▶ _Records to use_
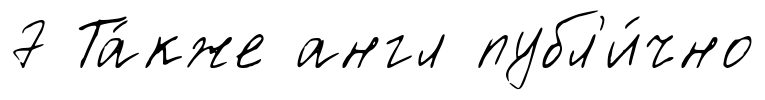
7 Та́кже англ публ'и́чно
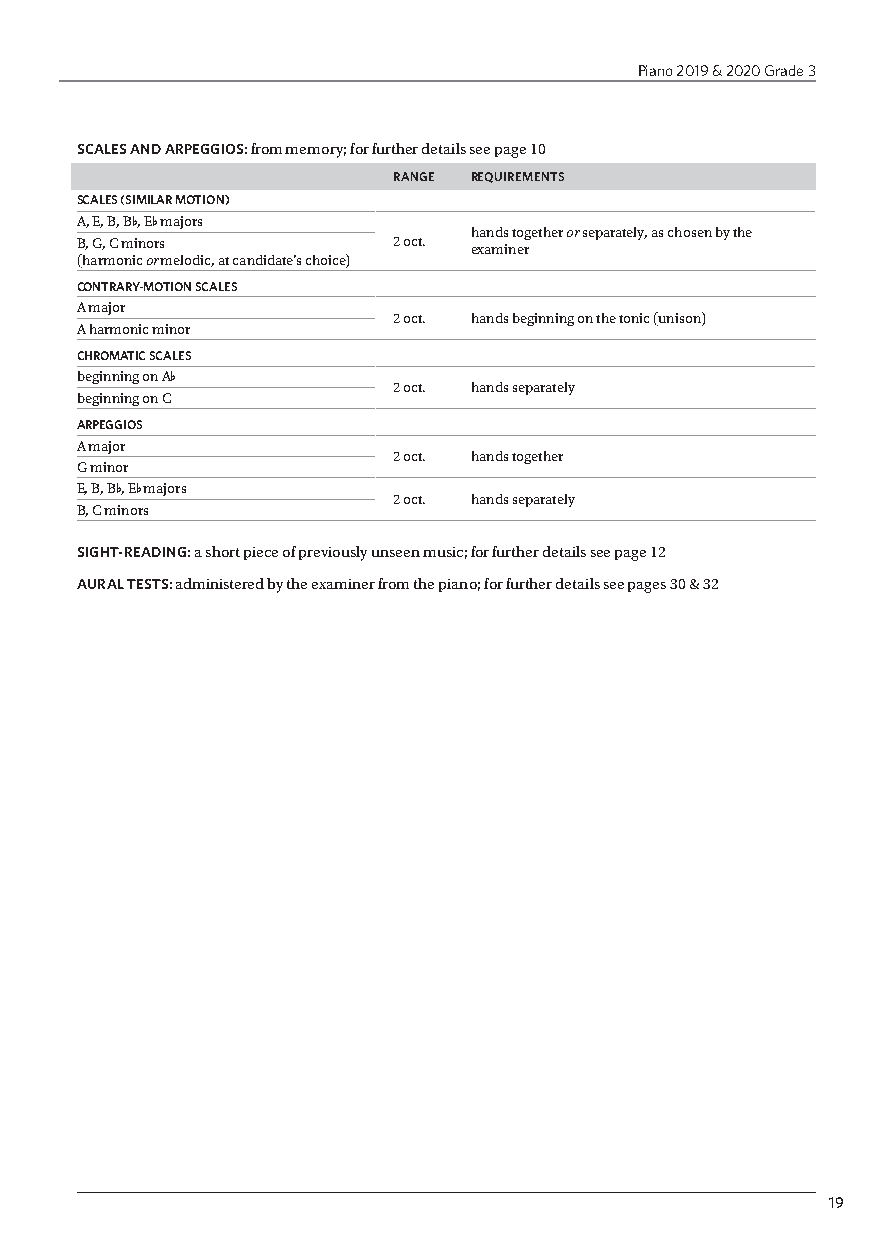
Piano 2019 & 2020 Grade 3
 SCALES AND ARPEGGIOS: from memory; for further details see page 10
 RANGE REQUIREMENTS
 SCALES (SIMILAR MOTION)
 A, E, B, B-, E- majors
 hands together or separately, as chosen by the
 B, G, C minors       2 oct. examiner
 (harmonic or melodic, at candidate’s choice)
 CONTRARY-MOTION SCALES
 A major
 2 oct. hands beginning on the tonic (unison)
 A harmonic minor
 CHROMATIC SCALES
 beginning on A-
 2 oct. hands separately
 beginning on C
 ARPEGGIOS
 A major
 2 oct. hands together
 G minor
 E, B, B-, E- majors
 2 oct. hands separately
 B, C minors
 SIGHT-READING: a short piece of previously unseen music; for further details see page 12
 AURAL TESTS: administered by the examiner from the piano; for further details see pages 30 & 32
 19

▶ _Work to complete_
Given the records above, restate word for word only the lines starting at the one with "2 oct. hands beginning on the tonic (unison)" and ending at the one with "B, C minors".

▶ _Reply to the exercise_
 2 oct. hands beginning on the tonic (unison)
 A harmonic minor
 CHROMATIC SCALES
 beginning on A-
 2 oct. hands separately
 beginning on C
 ARPEGGIOS
 A major
 2 oct. hands together
 G minor
 E, B, B-, E- majors
 2 oct. hands separately
 B, C minors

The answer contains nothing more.